GÖZDEN GEÇİRME SÜRECİ DEVAM EDİYOR
Enflasyonda yakın dönemde gözlenen yükselişte; sıcak çatışma ortamının yol açtığı enerji maliyeti artışları, ekonomik temellerden uzak fiyatlama oluşumlarının geçici etkileri, küresel enerji, gıda ve tarımsal emtia fiyatlarındaki artışlar ile tedarik süreçlerindeki aksaklıklar gibi arz yönlü unsurlar ve talep gelişmeleri etkili olmaktadır. Kurul, sürdürülebilir fiyat istikrarı ve finansal istikrarın tesisi için atılan ve kararlılıkla sürdürülmekte olan adımlar ile birlikte, küresel barış ortamının yeniden tesis edilmesi ve enflasyonda baz etkilerinin de ortadan kalkmasıyla dezenflasyonist sürecin başlayacağını öngörmektedir. Bu çerçevede Kurul, politika faizinin sabit tutulmasına karar vermiştir. Alınmış olan kararların birikimli etkileri yakından takip edilmekte ve bu dönemde fiyat istikrarının sürdürülebilir bir şekilde kurumsallaşması amacıyla TCMB’nin tüm politika araçlarında kalıcı ve güçlendirilmiş liralaşmayı teşvik eden geniş kapsamlı bir politika çerçevesi gözden geçirme süreci devam etmektedir.
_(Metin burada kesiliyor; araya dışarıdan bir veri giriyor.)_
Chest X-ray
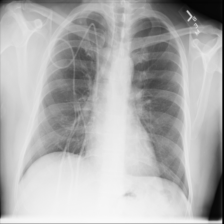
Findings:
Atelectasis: negative
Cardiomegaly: negative
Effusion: negative
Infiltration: negative
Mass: negative
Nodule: negative
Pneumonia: negative
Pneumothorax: negative
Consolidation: negative
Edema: negative
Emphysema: negative
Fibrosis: negative
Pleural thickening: negative
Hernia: negative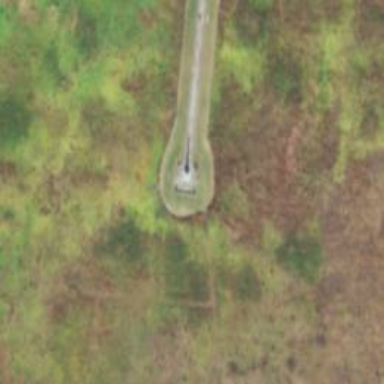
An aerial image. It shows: Historic obelisk memorial.
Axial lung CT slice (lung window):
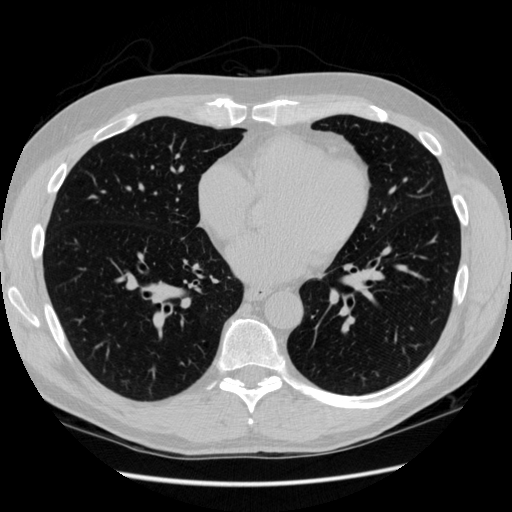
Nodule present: no
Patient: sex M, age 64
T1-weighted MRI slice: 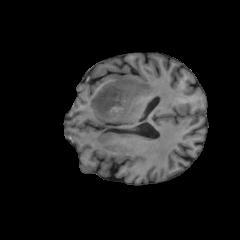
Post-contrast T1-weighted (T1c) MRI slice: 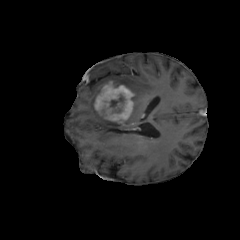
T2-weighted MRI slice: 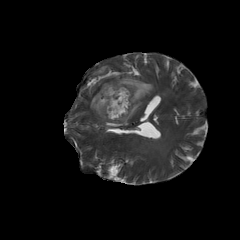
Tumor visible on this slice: yes
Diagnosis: Glioblastoma, IDH-wildtype
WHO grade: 4
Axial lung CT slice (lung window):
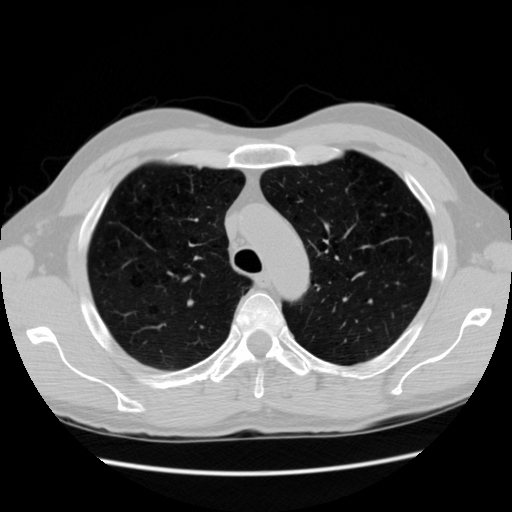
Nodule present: no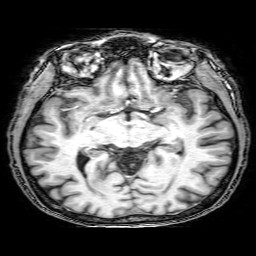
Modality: T1w
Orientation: coronal
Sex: male
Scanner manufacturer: philips
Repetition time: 0.008205 s
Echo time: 0.00378 s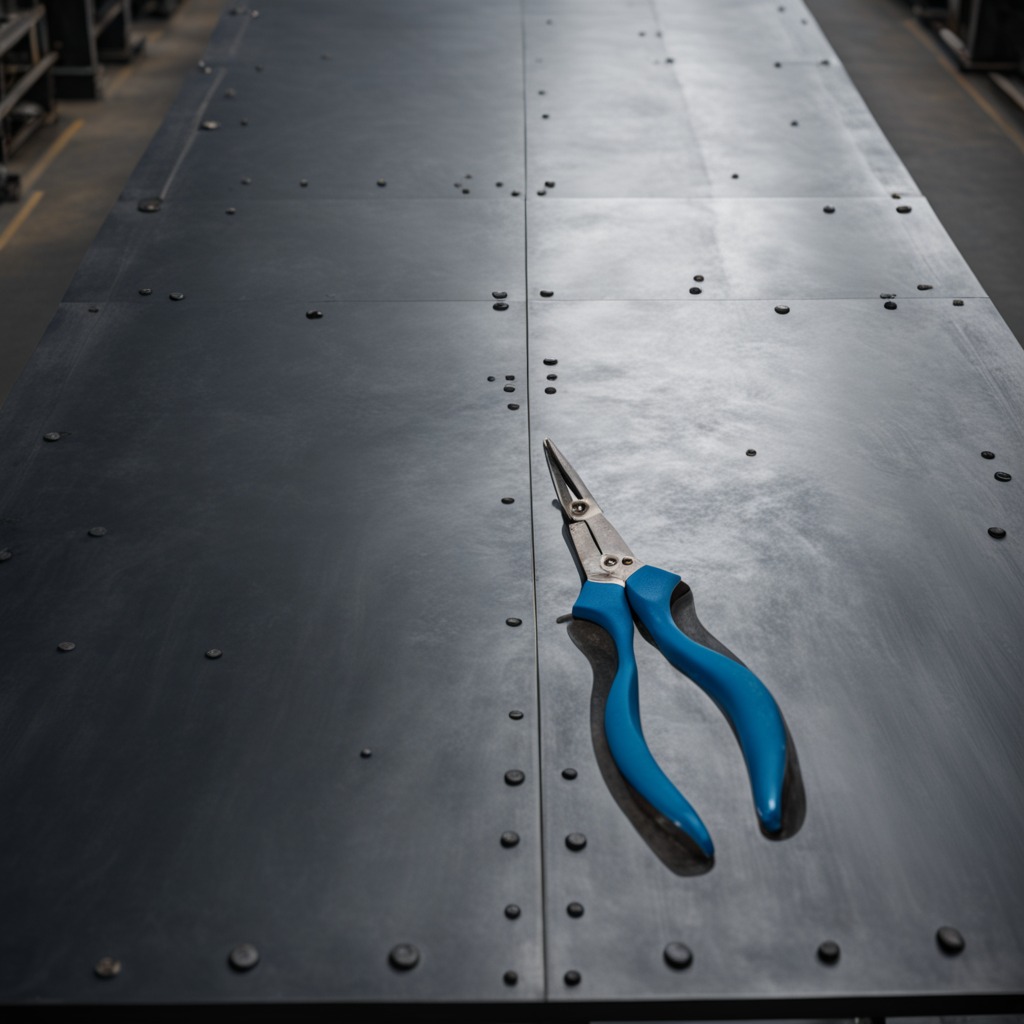
A plier is lying on the cold steel table in a mining workshop.

TCMB, fiyat istikrarı temel amacı doğrultusunda enflasyonda kalıcı düşüşe işaret eden güçlü göstergeler oluşana ve orta vadeli yüzde 5 hedefine ulaşıncaya kadar elindeki tüm araçları liralaşma stratejisi çerçevesinde kararlılıkla kullanmaya devam edecektir. Fiyatlar genel düzeyinde sağlanacak istikrar, ülke risk primlerindeki düşüş, ters para ikamesinin ve döviz rezervlerindeki artış eğiliminin sürmesi ve finansman maliyetlerinin kalıcı olarak gerilemesi yoluyla makroekonomik istikrarı ve finansal istikrarı olumlu etkileyecektir. Böylelikle, yatırım, üretim ve istihdam artışının sağlıklı ve sürdürülebilir bir şekilde devamı için uygun zemin oluşacaktır.
Kurul, kararlarını şeffaf, öngörülebilir ve veri odaklı bir çerçevede almaya devam edecektir."